Early life and career 
Sagbo was born on May 10, 1959, in Cotonou in the southern coastal region of the Republic of Dahomey. He immigrated to the USSR in 1982 to study economics in Moscow. He married a woman from Novozavidovo, a town of approximately 10,000 people located 100 km north of Moscow, and moved there in 1989. He has two children.  During his first year in Novozavidovo, Tver Oblast his then four-year-old son Maxim was spat upon. Sagbo completed his studies in 1984, after that, he went back to Benin but was arrested upon arrival because of his legal status in Russia as well as his political beliefs and he spent 3 years in detention but the Russians secured his release when they heard about the persecution. Sagbo confronted the spitter and eventually other onlookers supported Sagbo.  Racial attacks have taken place numerous times in Russia, 49 times in Moscow in one year according to an advocacy group.  Sagbo speaks in French-African accented Russian.

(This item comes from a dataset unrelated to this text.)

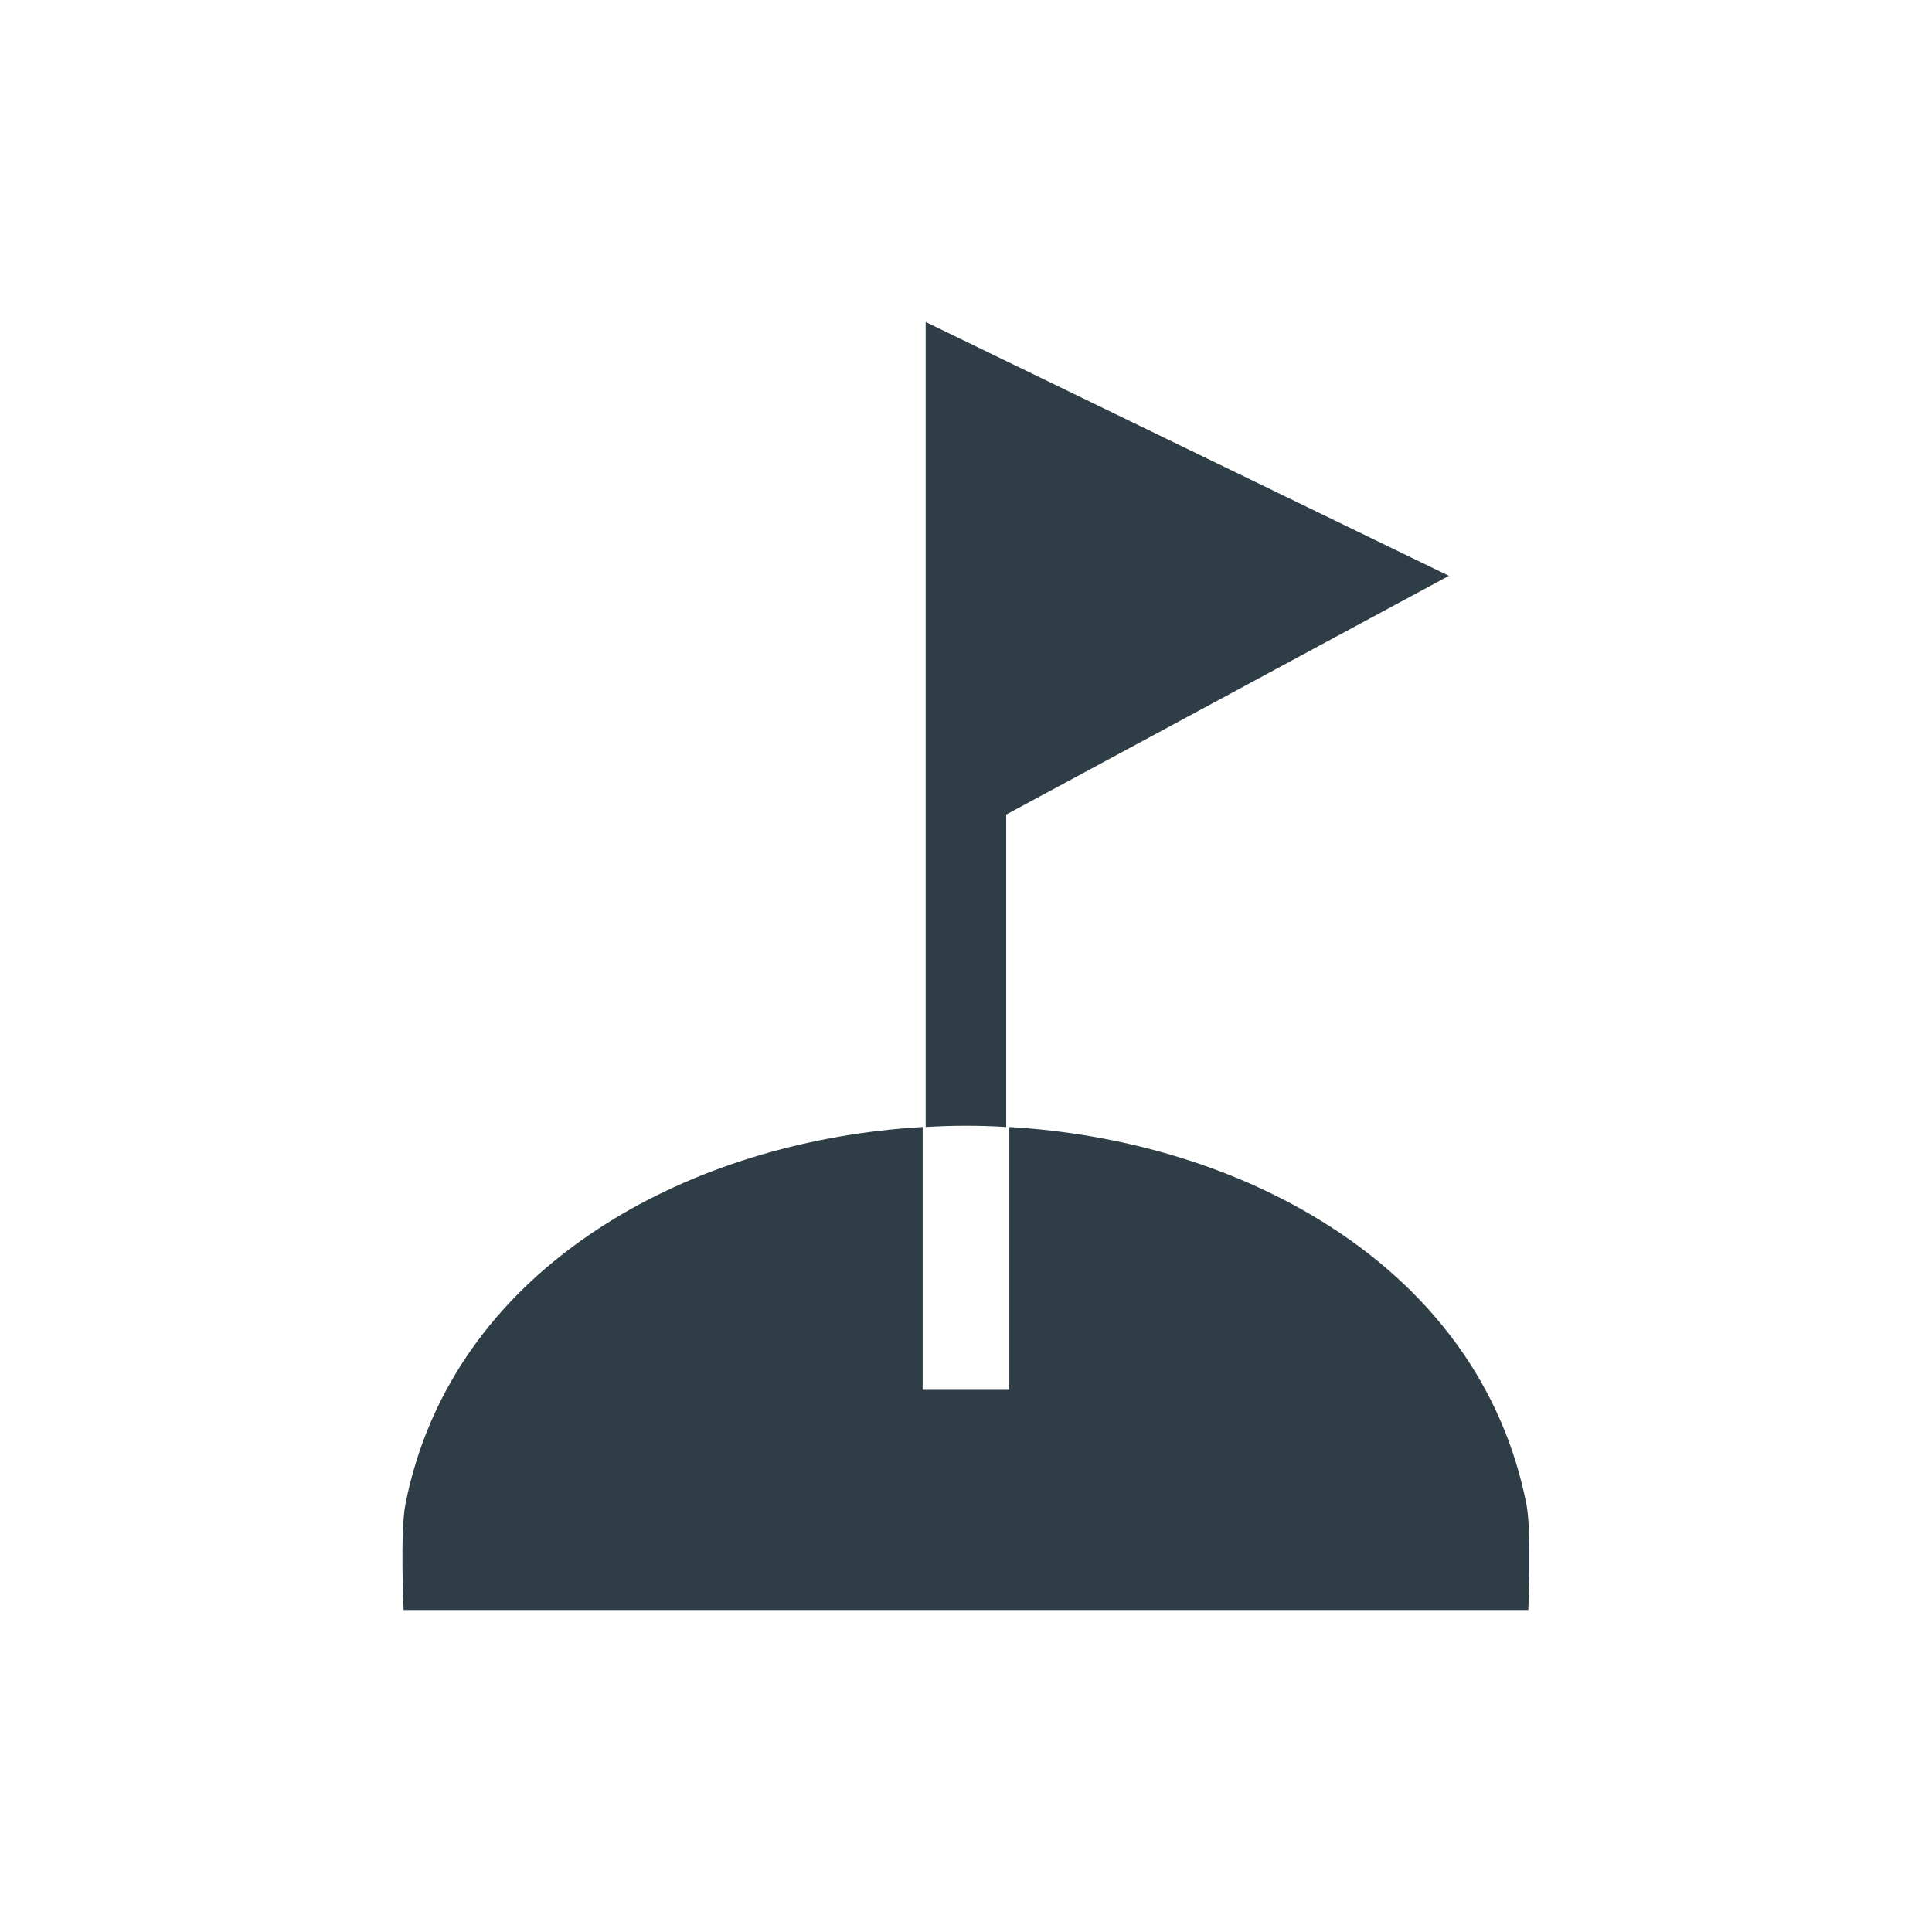 <svg xmlns="http://www.w3.org/2000/svg" width="48" height="48" viewBox="0 0 48 48" fill="none"><g id="ion:golf-sharp"><path id="Vector" d="M22.998 8V28C23.331 27.979 23.665 27.969 23.998 27.969C24.331 27.969 24.665 27.979 24.998 28V20.238L35.998 14.306L22.998 8Z" fill="#2F3E46"></path><path id="Vector_2" d="M37.924 37.375C37.35 34.453 35.569 32.006 32.768 30.298C30.585 28.965 27.887 28.164 25.076 28V34.531H22.923V28C20.11 28.164 17.411 28.965 15.229 30.298C12.43 32.006 10.647 34.453 10.072 37.375C9.938 38.044 10.027 40 10.027 40H37.97C37.97 40 38.056 38.044 37.924 37.375Z" fill="#2F3E46"></path></g></svg>

About 10 years prior to his first election, he organized a volunteer effort for an annual garbage collection day.  He also planted flowers and cleaned streets in front of his home without pay.

As a councilor, Sagbo collected donations to turn dilapidated lots between buildings into parks.  Sagbo was elected in 2010.  He has expressed annoyance at being referred to as "Russia's Obama" because the two are both merely black.  The position of councilor is unpaid.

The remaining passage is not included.